Le procès de l’ex-petit ami de Shaïna, accusé d’avoir assassiné et brûlé vive en 2019 l’adolescente, probablement enceinte de lui et victime deux ans plus tôt à Creil d’agressions sexuelles, s’ouvre lundi devant la cour d’assises des mineurs de l’Oise.
Soupçonné d’avoir attiré Shaïna, 15 ans, dans le cabanon d’un jardin ouvrier pour la tuer et brûler son corps, l’accusé, 17 ans à l’époque, comparaît jusqu’à vendredi, à huis clos sauf décision contraire de la cour. Il a jusque là toujours contesté son implication et son avocat n’a pas souhaité s’exprimer avant l’audience.
L’aîné de Shaïna, Yasin Hansye, mobilisé depuis des années pour rendre justice à sa sœur, une « battante », a appelé à un rassemblement en soutien à la famille à partir de 8h.
Rappel des faits
Le 27 octobre 2019, le corps de Shaïna est découvert presque entièrement calciné par les policiers, guidés par une rumeur. Les expertises médico-légales révèleront de « multiples plaies » à l’arme blanche mais aussi qu’elle respirait encore au début du feu.
L’avant-veille, elle était sortie après un dîner familial. Dans son sac à main, ses proches retrouvent un test de grossesse positif. Selon diverses expertises, l’adolescente, qui avait fait l’objet d’une IVG quelques mois plus tôt, entamait très probablement une nouvelle grossesse. D’après l’enquête, elle en était persuadée et attribuait la paternité à l’accusé, avec qui elle entretenait une liaison.
Deux appels anonymes, puis un témoignage clé, orientent rapidement l’enquête vers le jeune homme. Un de ses amis raconte qu’il est venu le voir la nuit des faits, et lui a confié avoir donné rendez-vous à Shaïna pour la tuer. Il l’aurait poignardée une quinzaine de fois, et aurait été blessé par un retour de flamme. Ce témoin livre des détails connus des seuls enquêteurs.

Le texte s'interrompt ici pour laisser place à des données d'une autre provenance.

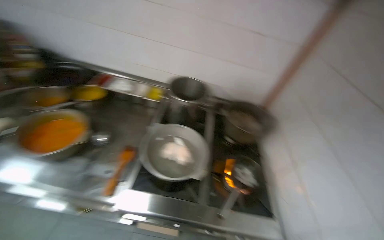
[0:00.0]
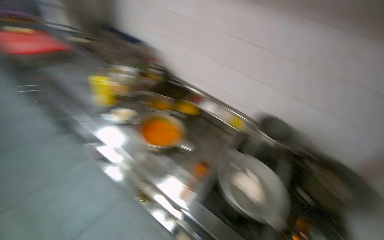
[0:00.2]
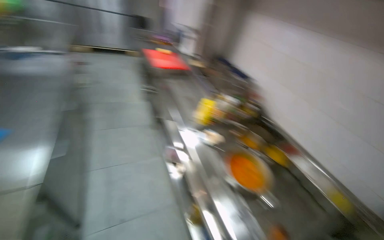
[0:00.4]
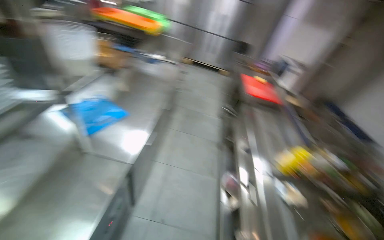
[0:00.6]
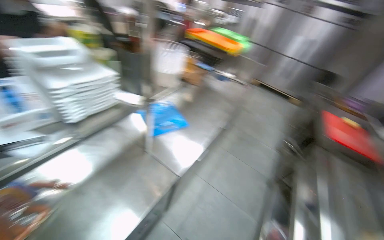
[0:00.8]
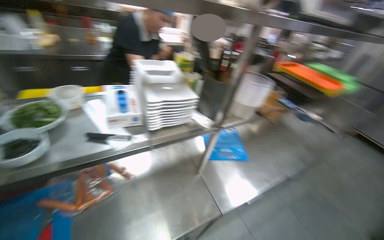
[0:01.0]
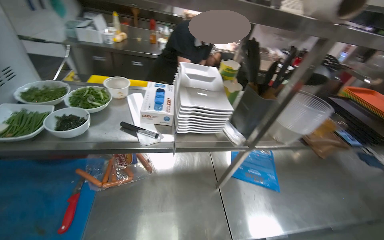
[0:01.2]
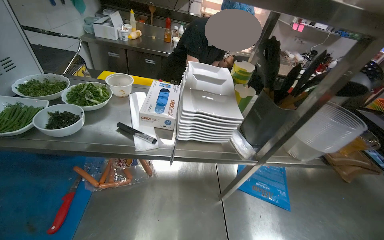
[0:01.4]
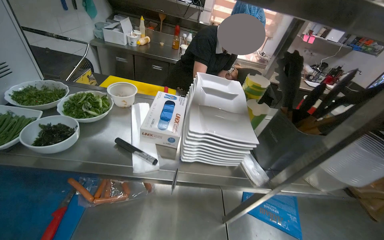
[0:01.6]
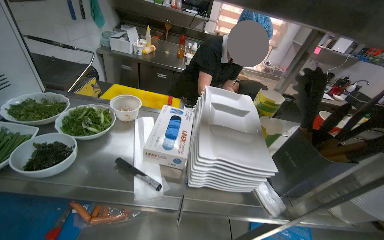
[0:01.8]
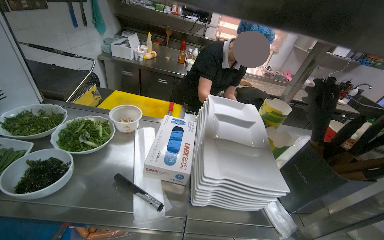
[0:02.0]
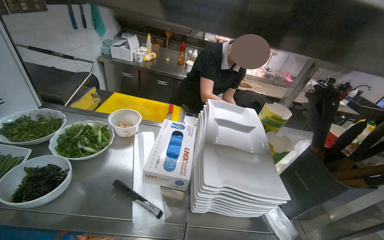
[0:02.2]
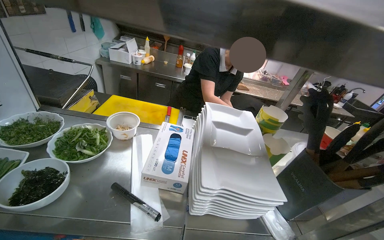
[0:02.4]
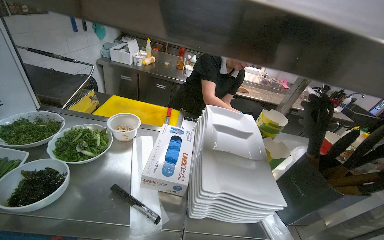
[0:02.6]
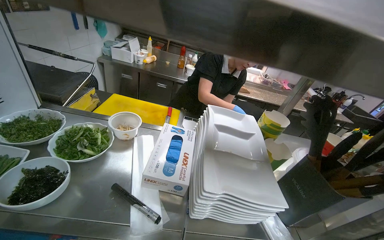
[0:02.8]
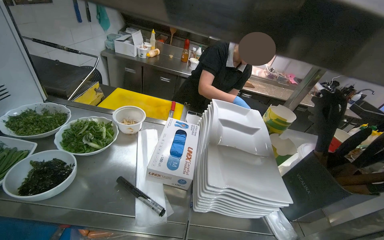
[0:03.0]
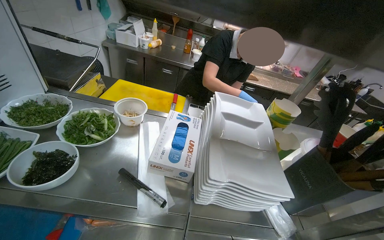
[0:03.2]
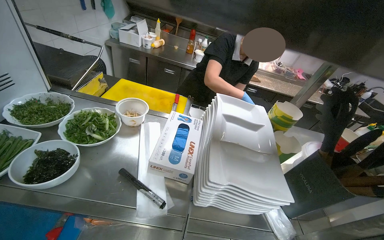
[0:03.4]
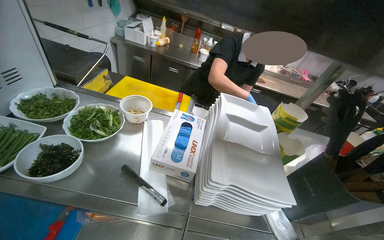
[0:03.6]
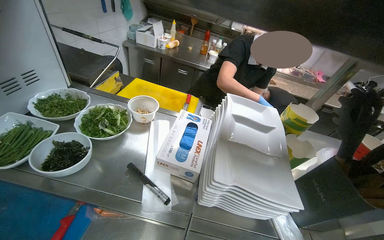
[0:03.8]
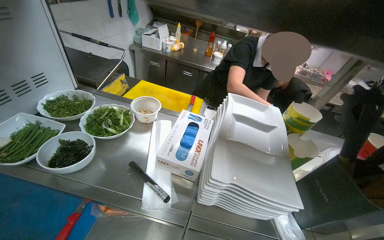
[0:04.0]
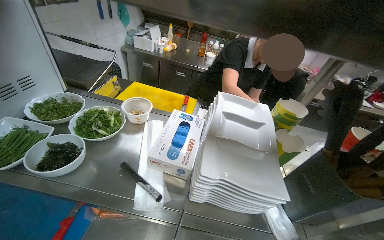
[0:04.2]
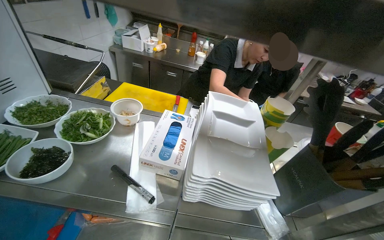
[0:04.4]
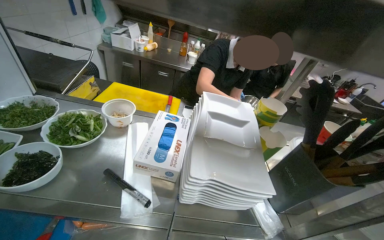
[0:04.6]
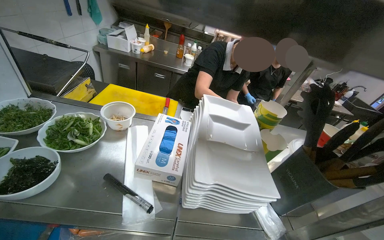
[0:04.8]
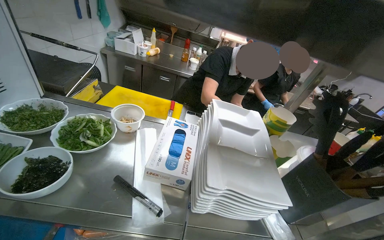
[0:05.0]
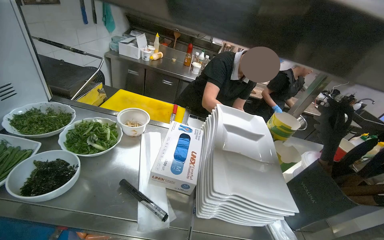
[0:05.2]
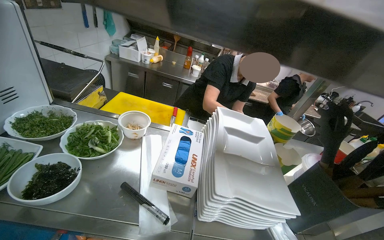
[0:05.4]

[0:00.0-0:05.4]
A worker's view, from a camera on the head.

Shaïna refusait d’avorter, révèle-t-il encore.
Pour préserver son image
D’autres éléments incriminent le jeune homme : si son téléphone a disparu, il multiplie les SMS à Shaïna ce jour là. À l’approche du crime, tous deux activent la même borne, à 500 m du cabanon. Et l’appareil de l’accusé est éteint entre 21h36 et 22h13, heure approximative des faits.
Il expliquera ses brûlures par un « frottement » puis un « eczéma », et varie ses déclarations sur son emploi du temps. Il reconnaît quelques relations sexuelles avec Shaïna à partir d’août, mais assure avoir rompu, et accuse les témoins de mentir.
Mais un codétenu l’aurait entendu « dire fièrement » qu’il avait « tué sa copine, qui était ‘‘une pute’’, qu’il avait ‘‘mise enceinte’’ », voulant éviter que sa famille l’apprenne. En prison, il disait « préférer prendre 30 ans qu’être le père d’un bâtard », dira un autre détenu.
Le crime pourrait être « une tentative désespérée » de préserver son image, dans un contexte « d’interdit culturel et religieux » lié à la sexualité, a estimé un expert psychologue.
Le calvaire de Shaïna
Deux ans plus tôt, Shaïna avait été victime d’agressions sexuelles, pour lesquelles quatre autres jeunes de sa cité ont été condamnés jeudi en appel à des peines allant de six mois à deux ans de prison avec sursis. La mort de Shaïna « est le point culminant d’un long calvaire », enclenché par cette première affaire, développe l’avocate de la famille, Me Negar Haeri.
Violentée dans une clinique désaffectée où son petit ami d’alors l’avait entraînée, Shaïna avait été filmée par ses agresseurs. Des images diffusées sur Snapchat, l’exposant, selon Me Haeri à un « dénigrement grandissant ». Shaïna a été traitée « comme une chose, avec qui on couche, mais qu’on peut supprimer », déplore-t-elle.
« La justice n’a pas su la protéger », critique-t-elle, appelant à « s’interroger collectivement sur ce qui a déraillé ».